In Madrid, Telecinco said its cameraman Jose Couso (37), died after undergoing surgery from wounds sustained in the shelling of the hotel. He was the second Spaniard killed in Iraq this week. U.S. commanders said its troops were firing at snipers who were shooting mortars and small arms fire from the hotel, the main base for foreign journalists staying in Baghdad.

Earlier on Tuesday, the Al-Jazeera correspondent, Tareq Ayyoub, a Jordanian, was killed when the Qatar-based satellite television's Baghdad office was hit during fighting between tcoalition and Iraqis.

Ten foreign journalists have been killed since the war began in Iraq on March 20. Many foreign journalists covering the war have been staying at the Palestine Hotel, located on the east side of the Tigris across the river from the Information Ministry and other key Government buildings.

Mr. Protsyuk, a Ukrainian national based in Warsaw, was in his hotel room at the time of the shelling, Reuters said.

Samia Nakhoul, the agency's Gulf bureau chief, was wounded in the blast along with the British technician, Paul Pasquale, and an Iraqi photographer, Faleh Kheiber, also Reuters employees. None of the injuries were life-threatening, the news agency said.
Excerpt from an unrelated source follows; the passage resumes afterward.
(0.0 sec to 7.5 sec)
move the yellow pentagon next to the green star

``The incident ... raises questions about the judgment of the advancing U.S. troops who have known all along that this hotel is the main base for almost all foreign journalists in Baghdad,'' the Reuters Editor-in-Chief, Geert Linnebank, said.

Mr. Couso died during surgery for wounds in his leg and jaw, his network said.
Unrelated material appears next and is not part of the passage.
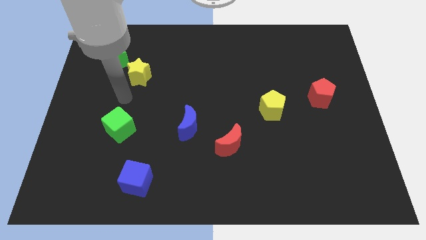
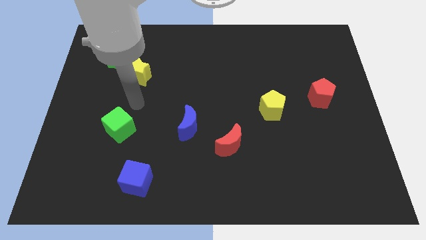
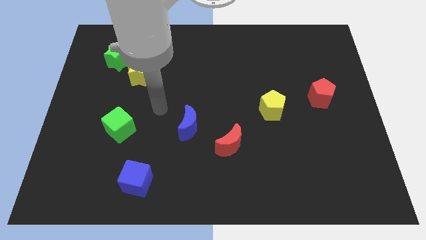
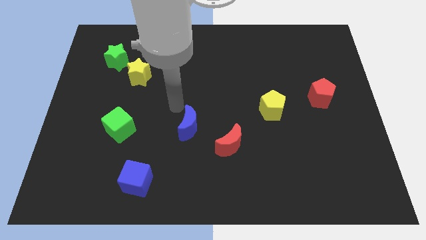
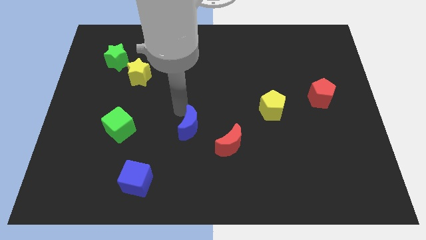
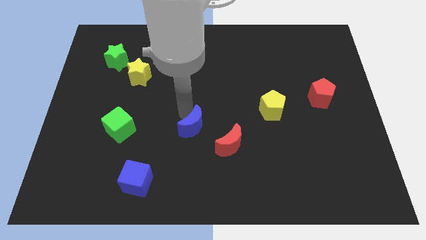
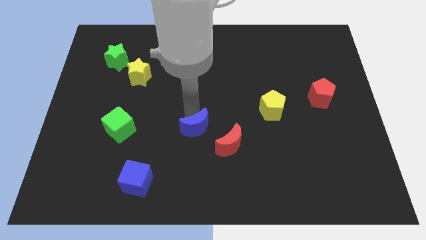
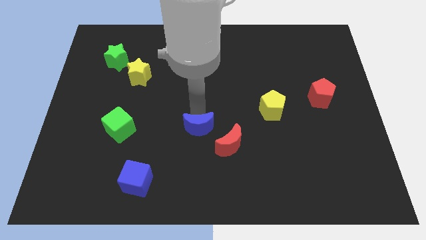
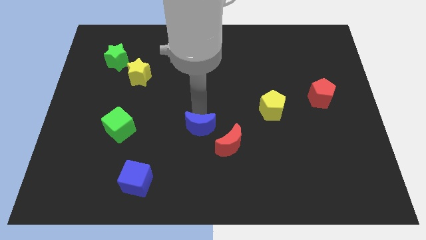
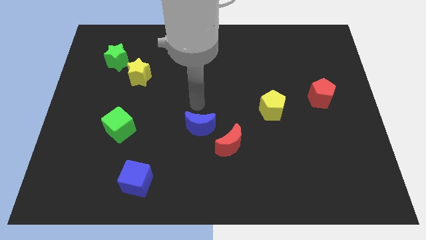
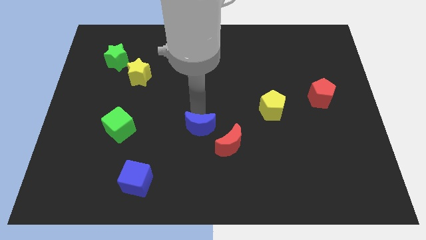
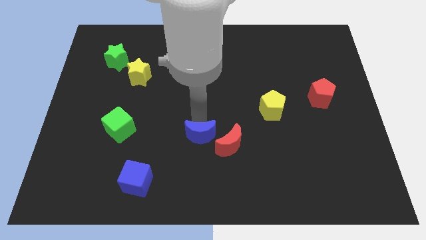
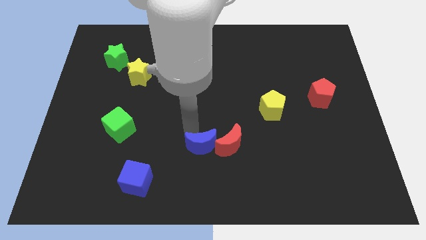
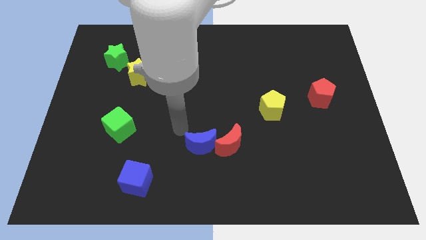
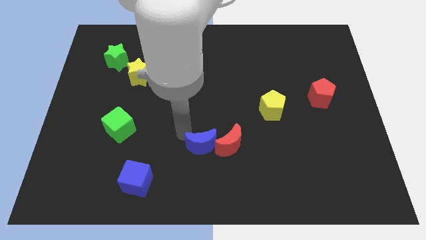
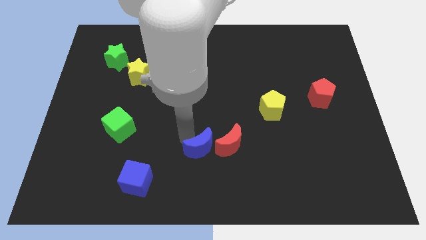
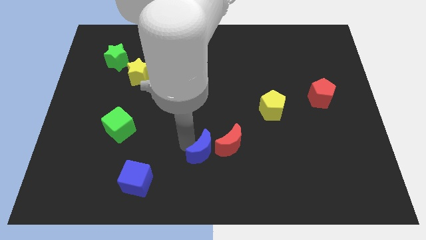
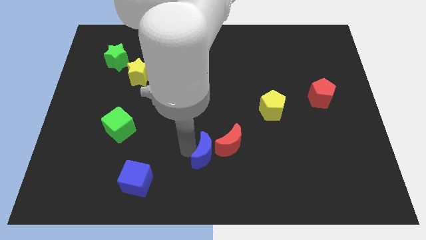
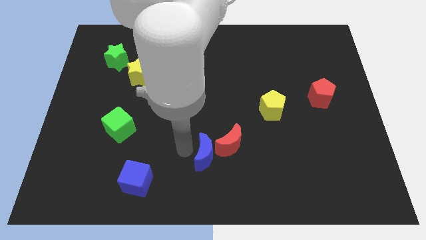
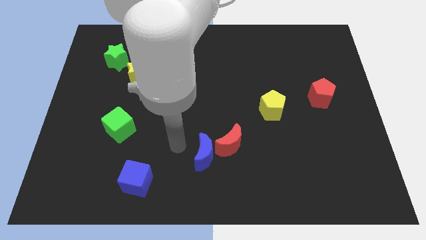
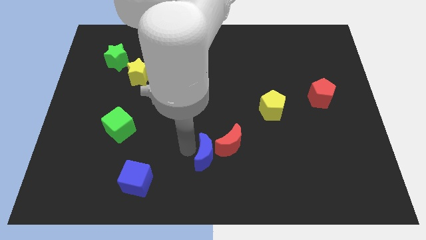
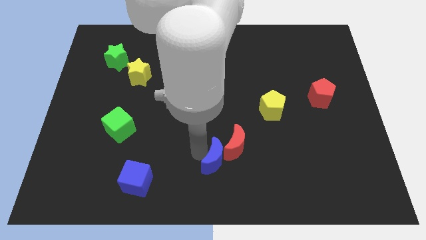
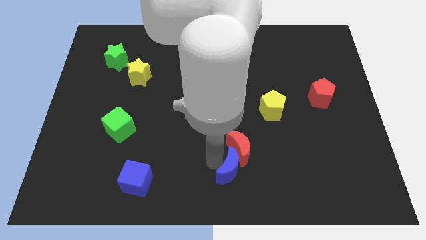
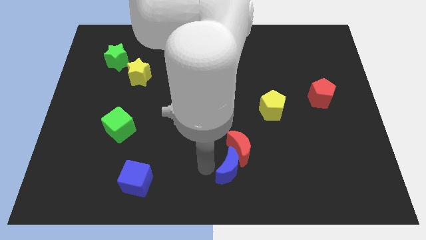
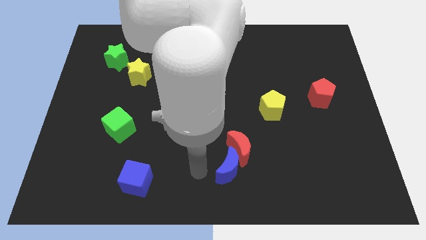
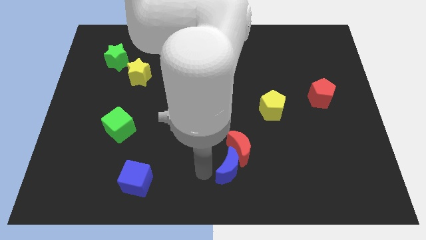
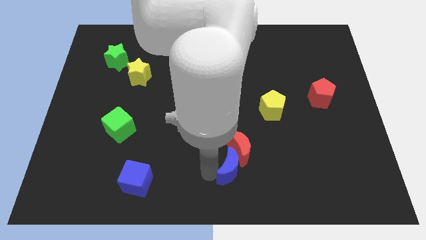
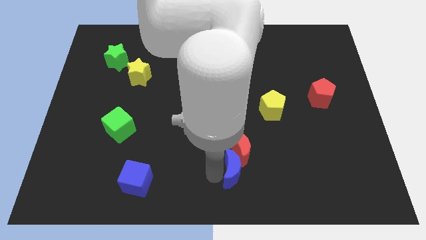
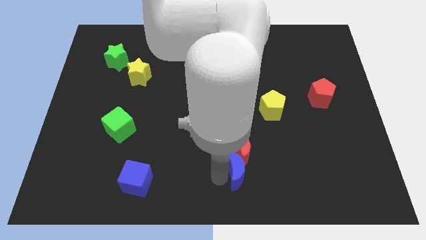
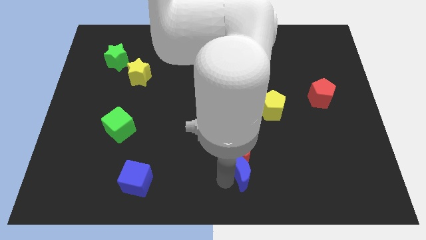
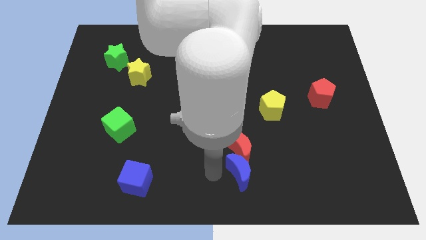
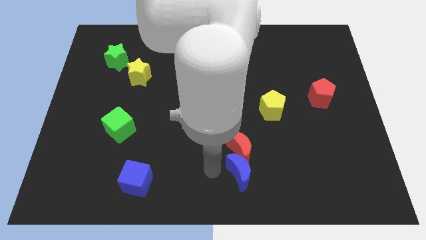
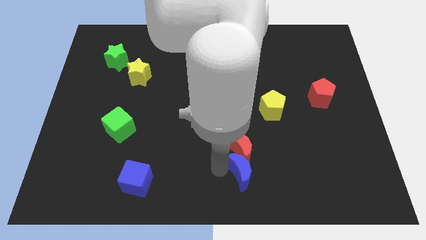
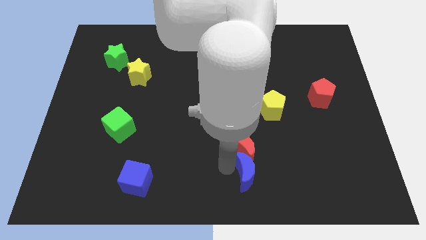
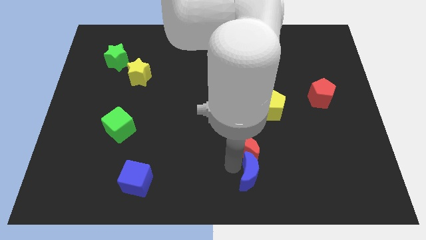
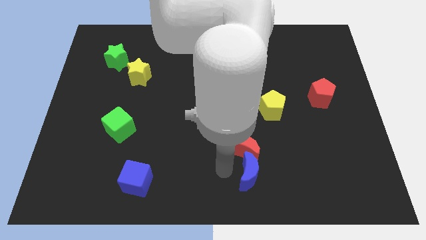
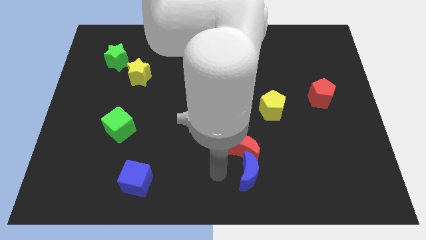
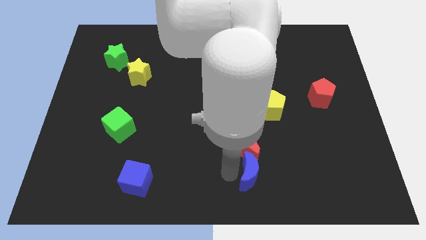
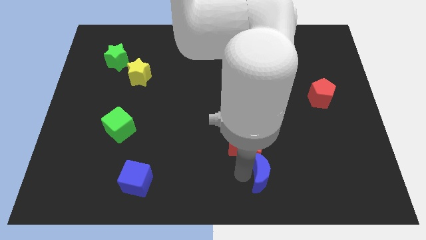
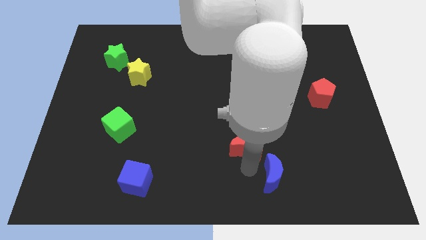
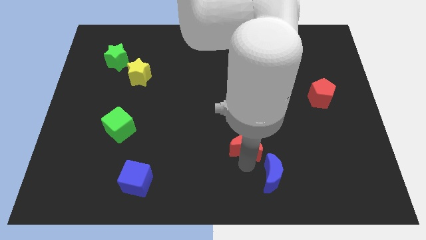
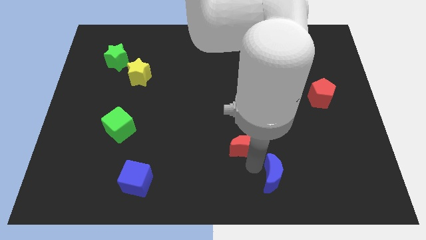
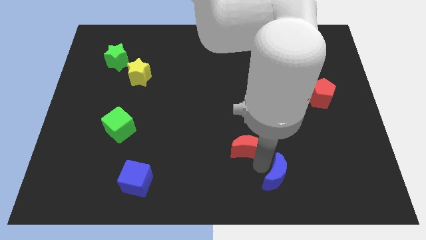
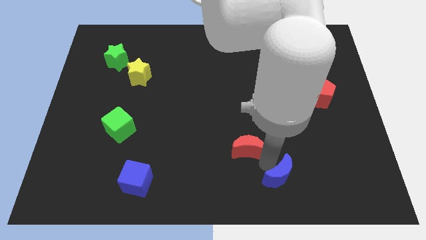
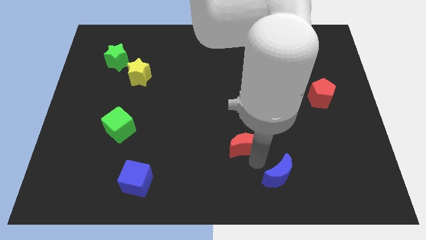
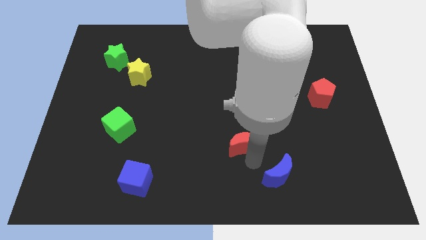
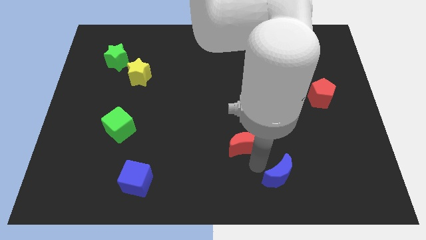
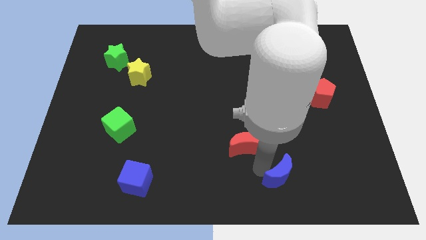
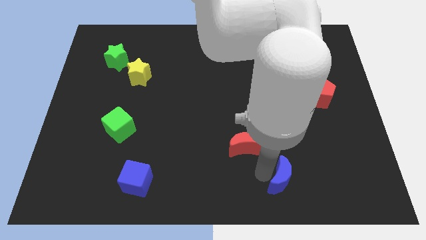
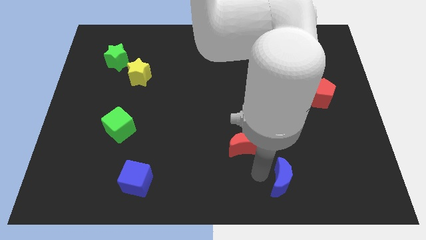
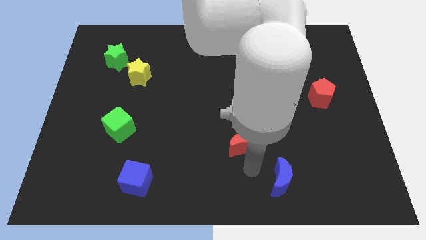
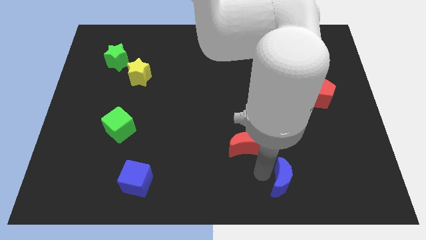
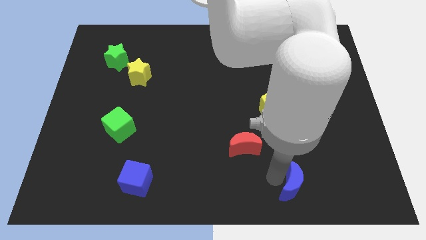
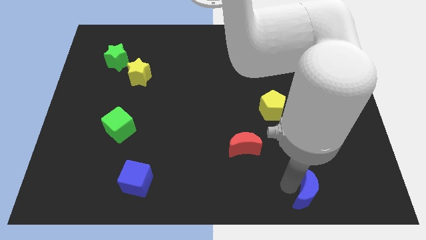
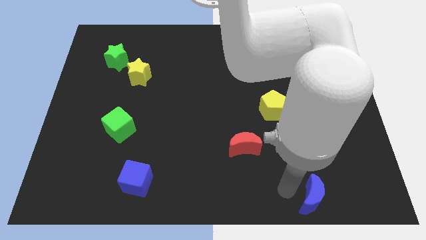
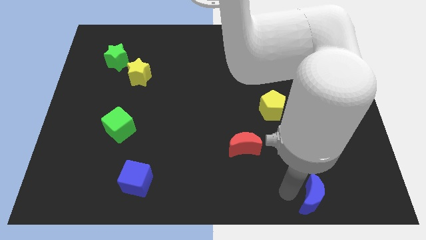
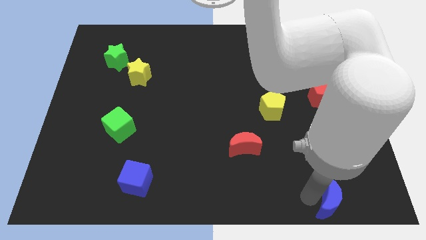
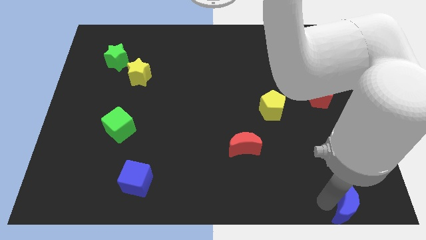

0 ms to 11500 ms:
move the blue moon to the lower right corner

Al-Jazeera said two missiles destroyed the office where Qatar-based satellite network is based in Baghdad, killing Mr. Ayyoub, a Jordanian, and wounding another cameraman.

The Al-Jazeera office is on the west bank of the Tigris, along a road that links the Information Ministry with the old palace presidential compound. One Al-Jazeera correspondent accused coalition forces of deliberating targeting the agency's offices and those of Abu Dhabi Television. Nabil Khouri, a U.S. State Department spokesman at Camp As Sayliyah in Qatar, said the strike on the Al-Jazeera office was a mistake.